The 10 most important predictors in the optimal nonlinear model are as follows (in order of importance): ManufacturingProcess13, BiologicalMaterial06, ManufacturingProcess32, ManufacturingProcess17, BiologicalMaterial12, ManufacturingProcess36, BiologicalMaterial03, ManufacturingProcess09, BiologicalMaterial02, ManufacturingProcess31. Process variables dominate this list, but not by much! It is close to an even split between biological and process variables. The optimal partial least squares linear model from 6.3 (published on RPubs here) yielded the following predictors in order of importance:

Most important predictors in partial least squares (linear) model are manufacturing processes.

They are all manufacturing processes, most of which were also captured in the list of important nonlinear predictors.

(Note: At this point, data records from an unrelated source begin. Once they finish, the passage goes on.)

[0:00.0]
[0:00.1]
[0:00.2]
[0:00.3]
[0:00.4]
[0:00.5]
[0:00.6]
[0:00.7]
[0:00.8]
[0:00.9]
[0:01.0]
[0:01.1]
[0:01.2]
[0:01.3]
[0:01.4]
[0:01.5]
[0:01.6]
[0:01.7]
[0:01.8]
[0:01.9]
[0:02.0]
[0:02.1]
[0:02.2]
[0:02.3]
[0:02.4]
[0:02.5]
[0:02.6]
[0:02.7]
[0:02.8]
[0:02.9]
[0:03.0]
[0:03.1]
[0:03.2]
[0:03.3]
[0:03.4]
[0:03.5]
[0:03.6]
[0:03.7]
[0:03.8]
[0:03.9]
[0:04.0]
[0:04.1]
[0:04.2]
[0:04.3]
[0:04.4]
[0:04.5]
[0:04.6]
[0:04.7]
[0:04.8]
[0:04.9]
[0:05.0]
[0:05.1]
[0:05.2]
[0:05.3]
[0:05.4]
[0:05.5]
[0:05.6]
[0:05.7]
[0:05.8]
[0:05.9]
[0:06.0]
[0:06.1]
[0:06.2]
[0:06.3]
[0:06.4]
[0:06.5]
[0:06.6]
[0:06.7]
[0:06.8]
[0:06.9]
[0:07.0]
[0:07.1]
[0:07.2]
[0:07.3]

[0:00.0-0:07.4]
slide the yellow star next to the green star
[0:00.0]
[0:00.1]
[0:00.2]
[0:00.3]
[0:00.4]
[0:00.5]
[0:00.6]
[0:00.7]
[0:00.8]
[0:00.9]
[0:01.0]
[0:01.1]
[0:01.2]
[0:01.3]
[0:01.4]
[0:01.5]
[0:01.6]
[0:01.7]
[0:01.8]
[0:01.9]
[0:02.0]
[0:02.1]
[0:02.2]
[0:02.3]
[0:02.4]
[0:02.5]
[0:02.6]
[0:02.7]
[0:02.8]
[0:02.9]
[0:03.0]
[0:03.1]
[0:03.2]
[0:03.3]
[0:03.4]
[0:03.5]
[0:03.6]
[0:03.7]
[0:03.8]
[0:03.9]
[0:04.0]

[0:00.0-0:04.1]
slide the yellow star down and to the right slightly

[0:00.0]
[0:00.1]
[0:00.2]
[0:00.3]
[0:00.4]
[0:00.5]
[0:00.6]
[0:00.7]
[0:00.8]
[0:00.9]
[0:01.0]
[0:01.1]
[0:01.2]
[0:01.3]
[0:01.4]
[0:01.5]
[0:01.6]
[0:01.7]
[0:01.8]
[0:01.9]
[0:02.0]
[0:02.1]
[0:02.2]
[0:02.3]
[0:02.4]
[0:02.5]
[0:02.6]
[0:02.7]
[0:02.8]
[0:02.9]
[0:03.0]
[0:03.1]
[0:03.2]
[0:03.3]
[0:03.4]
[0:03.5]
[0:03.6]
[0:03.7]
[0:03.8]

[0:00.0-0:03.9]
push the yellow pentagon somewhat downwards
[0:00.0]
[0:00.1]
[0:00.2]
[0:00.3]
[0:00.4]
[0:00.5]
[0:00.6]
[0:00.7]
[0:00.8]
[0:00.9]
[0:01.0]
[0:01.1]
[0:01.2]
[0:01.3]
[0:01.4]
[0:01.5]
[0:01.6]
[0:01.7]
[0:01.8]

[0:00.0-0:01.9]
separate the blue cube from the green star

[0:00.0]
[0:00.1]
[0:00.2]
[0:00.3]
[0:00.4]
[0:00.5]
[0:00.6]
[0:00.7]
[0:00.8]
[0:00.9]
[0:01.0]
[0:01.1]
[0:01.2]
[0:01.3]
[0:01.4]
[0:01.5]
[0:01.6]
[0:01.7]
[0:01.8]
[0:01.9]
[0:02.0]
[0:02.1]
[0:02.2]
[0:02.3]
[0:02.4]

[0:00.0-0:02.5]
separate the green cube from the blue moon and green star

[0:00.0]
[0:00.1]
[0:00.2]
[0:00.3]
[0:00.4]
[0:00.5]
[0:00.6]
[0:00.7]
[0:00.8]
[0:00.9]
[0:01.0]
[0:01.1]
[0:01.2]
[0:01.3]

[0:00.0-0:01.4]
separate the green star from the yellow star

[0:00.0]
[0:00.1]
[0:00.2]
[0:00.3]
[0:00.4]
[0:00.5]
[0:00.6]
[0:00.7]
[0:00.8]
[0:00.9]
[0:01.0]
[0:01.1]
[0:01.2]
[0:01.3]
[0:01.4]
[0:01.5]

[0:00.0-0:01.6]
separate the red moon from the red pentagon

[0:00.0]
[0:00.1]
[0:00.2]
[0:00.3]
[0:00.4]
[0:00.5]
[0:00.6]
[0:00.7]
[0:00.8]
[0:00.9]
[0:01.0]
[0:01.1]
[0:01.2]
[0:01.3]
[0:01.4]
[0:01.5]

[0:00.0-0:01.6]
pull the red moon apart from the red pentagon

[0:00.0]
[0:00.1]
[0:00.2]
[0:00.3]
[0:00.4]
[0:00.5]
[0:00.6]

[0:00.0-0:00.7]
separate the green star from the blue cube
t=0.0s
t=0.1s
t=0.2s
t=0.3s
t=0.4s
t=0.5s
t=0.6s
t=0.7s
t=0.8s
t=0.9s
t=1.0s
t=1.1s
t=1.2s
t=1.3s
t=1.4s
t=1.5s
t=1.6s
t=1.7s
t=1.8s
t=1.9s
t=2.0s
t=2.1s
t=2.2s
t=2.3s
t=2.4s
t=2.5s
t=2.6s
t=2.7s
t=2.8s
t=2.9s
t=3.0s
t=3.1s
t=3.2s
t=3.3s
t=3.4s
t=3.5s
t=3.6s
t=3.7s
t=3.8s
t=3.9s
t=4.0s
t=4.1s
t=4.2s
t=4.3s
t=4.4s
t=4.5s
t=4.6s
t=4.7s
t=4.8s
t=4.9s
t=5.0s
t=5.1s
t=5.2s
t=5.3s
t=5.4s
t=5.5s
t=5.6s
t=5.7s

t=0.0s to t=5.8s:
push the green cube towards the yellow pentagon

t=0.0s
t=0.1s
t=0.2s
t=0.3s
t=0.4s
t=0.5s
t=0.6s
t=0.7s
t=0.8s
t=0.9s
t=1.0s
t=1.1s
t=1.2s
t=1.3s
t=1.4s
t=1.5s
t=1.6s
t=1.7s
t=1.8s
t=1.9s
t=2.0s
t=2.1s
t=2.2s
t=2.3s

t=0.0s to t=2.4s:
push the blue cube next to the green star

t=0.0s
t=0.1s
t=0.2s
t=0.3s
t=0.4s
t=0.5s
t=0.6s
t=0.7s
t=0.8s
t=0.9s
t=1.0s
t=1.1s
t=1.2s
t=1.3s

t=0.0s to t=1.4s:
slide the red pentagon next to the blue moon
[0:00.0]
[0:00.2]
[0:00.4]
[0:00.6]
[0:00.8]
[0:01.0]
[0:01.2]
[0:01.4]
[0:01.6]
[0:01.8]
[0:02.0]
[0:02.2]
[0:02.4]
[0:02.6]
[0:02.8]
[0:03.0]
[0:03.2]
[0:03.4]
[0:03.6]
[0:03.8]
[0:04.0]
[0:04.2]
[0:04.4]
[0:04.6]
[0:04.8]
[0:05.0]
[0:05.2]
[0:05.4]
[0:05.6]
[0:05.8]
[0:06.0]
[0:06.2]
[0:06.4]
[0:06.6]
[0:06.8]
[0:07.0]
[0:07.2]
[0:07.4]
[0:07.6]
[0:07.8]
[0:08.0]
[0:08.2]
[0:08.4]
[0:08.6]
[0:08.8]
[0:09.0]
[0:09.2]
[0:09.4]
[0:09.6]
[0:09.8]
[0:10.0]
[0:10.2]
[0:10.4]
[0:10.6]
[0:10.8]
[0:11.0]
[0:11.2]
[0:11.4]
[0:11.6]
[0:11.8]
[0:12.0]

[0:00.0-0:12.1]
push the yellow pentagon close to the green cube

Explore the relationships between the top predictors and the response for the predictors that are unique to the optimal nonlinear regression model. Do these plots reveal intuition about the biological or process predictors and their relationship with yield?

linear_predictors <- paste0("ManufacturingProcess", c(32, 36, 13, 17, 09, 06))
top_predictors_data <- ChemicalManufacturingProcess[, c(importance |>
    rownames() |>
    head(10) |>
    setdiff(linear_predictors), "Yield")]

# Create correlation plot
ggpairs(top_predictors_data) +
    theme_classic()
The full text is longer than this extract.